Тогда я лег на бревно и, зажмурившись, пополз, как под пулеметным огнем.
– Может быть, забыли что-нибудь купить в магазине? – фыркая, спрашивали дети, когда я, добравшись до берега, чистил костюм.- Хорошо будет, если еще раз пройдете.
Но мы уже были на другом берегу!…
За рекою – селение. Сразу за ним – подъем, подобно карнизу огибающий гору, иссеченный промоинами, прижатый к пропасти осыпями мелких камней. Он идет, разворачиваясь, над излучиной Арагвы, и Арагва уходит все ниже… Мы вышли на обрывистое плато. Изумрудно-зеленое, оно поросло кудрявым кустарником. И горы, кажется, придвинуты так близко к этой площадке, что еще бы немного – и их можно коснуться рукой. На самом же деле горы с обеих сторон отделены от этого зеленого плоскогорья долиной. К склонам величаво-пустынных гор прилепились селения, и в каждом – древняя четырехугольная башня. Сурово. А туда – в сторону Тбилиси!… Прячась порою в кулисах лесистых склонов, сверкает Арагва и пропадает в напоенной солнцем дымной дали. Понятно, почему в «Герое нашего времени» Лермонтов описал именно эти места!
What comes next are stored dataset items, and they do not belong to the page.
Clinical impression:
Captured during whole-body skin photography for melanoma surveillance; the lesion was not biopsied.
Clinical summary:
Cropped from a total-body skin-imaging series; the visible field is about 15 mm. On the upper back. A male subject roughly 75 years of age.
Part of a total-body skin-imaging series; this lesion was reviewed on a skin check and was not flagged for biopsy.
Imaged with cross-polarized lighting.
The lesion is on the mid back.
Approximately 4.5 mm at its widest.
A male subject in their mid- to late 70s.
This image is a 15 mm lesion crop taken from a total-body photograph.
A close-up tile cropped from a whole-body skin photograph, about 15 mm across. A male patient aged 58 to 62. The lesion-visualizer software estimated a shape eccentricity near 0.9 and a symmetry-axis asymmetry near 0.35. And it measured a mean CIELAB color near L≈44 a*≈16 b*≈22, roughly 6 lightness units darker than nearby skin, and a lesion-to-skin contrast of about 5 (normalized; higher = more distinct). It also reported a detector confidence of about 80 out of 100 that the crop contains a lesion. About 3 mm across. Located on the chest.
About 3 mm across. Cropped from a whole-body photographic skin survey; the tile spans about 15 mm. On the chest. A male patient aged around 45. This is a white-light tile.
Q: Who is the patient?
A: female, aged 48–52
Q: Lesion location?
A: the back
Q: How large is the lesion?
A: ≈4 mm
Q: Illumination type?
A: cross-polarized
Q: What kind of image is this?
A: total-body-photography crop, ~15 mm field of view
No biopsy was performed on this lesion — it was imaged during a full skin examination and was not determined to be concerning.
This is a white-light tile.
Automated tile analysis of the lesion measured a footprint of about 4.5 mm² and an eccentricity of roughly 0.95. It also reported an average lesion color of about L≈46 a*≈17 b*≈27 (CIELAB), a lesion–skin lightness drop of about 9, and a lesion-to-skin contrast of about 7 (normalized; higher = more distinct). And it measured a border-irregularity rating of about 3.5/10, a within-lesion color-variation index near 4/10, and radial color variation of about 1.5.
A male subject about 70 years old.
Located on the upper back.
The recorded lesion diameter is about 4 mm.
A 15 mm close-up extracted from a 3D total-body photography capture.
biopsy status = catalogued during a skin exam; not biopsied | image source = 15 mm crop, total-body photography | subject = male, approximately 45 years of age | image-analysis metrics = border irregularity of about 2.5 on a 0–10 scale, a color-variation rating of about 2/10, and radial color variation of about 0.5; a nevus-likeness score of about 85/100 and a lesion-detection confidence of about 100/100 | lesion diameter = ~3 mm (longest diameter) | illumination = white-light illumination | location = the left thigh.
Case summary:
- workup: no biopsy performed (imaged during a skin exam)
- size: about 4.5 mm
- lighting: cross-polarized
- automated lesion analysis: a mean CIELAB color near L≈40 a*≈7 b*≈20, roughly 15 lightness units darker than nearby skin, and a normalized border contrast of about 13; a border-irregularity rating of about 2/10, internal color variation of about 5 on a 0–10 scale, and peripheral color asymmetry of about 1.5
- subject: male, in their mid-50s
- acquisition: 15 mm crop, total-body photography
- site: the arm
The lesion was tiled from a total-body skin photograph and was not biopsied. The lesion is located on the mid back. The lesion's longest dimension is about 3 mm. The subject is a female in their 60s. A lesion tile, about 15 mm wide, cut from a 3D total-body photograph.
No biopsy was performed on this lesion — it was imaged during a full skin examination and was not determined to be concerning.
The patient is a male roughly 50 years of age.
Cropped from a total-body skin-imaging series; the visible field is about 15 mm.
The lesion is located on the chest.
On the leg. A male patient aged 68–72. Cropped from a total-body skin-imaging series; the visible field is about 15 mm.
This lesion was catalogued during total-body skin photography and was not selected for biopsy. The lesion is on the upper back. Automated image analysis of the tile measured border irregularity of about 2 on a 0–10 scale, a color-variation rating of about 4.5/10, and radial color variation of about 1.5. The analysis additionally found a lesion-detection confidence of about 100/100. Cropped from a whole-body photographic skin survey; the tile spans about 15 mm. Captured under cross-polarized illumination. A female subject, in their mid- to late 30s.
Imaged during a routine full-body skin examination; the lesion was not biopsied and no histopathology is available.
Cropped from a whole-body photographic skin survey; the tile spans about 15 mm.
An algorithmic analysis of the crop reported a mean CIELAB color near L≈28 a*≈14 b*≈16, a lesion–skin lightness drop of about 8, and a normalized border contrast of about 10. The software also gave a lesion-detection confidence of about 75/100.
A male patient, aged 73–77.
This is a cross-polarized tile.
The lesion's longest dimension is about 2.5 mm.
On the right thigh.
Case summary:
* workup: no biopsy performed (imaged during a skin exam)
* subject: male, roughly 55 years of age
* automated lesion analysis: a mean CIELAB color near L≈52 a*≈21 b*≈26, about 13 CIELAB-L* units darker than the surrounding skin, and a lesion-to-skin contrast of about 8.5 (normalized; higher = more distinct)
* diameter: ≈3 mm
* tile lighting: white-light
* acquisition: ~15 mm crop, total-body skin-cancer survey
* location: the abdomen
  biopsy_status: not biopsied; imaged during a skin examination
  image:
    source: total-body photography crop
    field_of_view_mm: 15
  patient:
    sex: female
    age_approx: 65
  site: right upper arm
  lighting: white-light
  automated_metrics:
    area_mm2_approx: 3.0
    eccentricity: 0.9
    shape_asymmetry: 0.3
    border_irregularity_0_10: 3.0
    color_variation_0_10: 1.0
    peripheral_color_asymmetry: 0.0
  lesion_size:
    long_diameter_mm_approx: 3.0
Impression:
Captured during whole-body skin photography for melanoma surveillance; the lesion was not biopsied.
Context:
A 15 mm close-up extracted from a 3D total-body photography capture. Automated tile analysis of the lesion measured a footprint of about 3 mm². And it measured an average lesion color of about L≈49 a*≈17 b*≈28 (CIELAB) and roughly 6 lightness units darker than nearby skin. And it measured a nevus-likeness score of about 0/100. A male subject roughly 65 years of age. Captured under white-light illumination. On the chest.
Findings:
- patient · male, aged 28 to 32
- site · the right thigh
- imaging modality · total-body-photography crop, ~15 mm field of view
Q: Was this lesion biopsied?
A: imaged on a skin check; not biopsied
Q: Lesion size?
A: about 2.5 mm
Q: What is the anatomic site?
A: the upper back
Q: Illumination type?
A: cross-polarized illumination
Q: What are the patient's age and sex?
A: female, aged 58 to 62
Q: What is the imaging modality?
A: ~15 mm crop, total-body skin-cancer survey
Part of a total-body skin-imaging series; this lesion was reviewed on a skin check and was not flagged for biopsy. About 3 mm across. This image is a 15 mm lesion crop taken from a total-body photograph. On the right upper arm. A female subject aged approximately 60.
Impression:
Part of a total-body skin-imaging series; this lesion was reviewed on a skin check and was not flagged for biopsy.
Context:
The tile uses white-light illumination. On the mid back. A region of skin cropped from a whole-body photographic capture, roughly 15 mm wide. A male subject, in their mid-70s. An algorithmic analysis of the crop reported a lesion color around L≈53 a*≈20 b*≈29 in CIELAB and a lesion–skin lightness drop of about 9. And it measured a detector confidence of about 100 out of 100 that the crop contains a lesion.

Мы шли, беседуя о том, кем они – дети – собираются стать, когда вырастут, какие у них отметки, кому из них девять, десять, одиннадцать… И вот уже входим в селение.
– Пожелаем,- сказали дети,- чтобы вам хорошо было. А мы уже дома.
– Дети,- сказал я с некоторым удивлением,-а как же я буду без вас?!
– Дорогу укажем, так и пойдете.
– Дети,- спросил я снова,- а как же собаки?
– Вы же ничего не хотите взять,- отвечали мне дети,- зачем вам опасаться собак?
– Да, но собаки не могут знать, что я ничего не возьму.
И дети сказали:
– Тогда, наверно, собаки возьмут вас.
Я отказался путешествовать один и просил найти мне проводника. Отвечали, что проводника нет, никто не идет в Кайшаури. Я согласен был ждать до утра. Наконец сказали, что есть проводник: он обедает, освободится через сорок минут.
Я ждал терпеливо. Наконец вышел мой спутник – с мешком на плече, девяти лет от роду и назвался Арчилом. Он шел в селение Сетури.
– Арчил,- сказал я,- дай я понесу твой мешок. Мне нетрудно, а тебе будет легче идти.
– Спасибо,- отвечал он,-но это не надо. Поручение имею доставить лук и, если вы понесете, как смогу сказать, что выполнил поручение?
– Арчил,- спросил я,- а как ты относишься к собакам?
– Никак,- отвечал он,- я еще маленький.
– А как же мне относиться?
– Не беспокойтесь,- отвечал он,- они сами к вам отнесутся.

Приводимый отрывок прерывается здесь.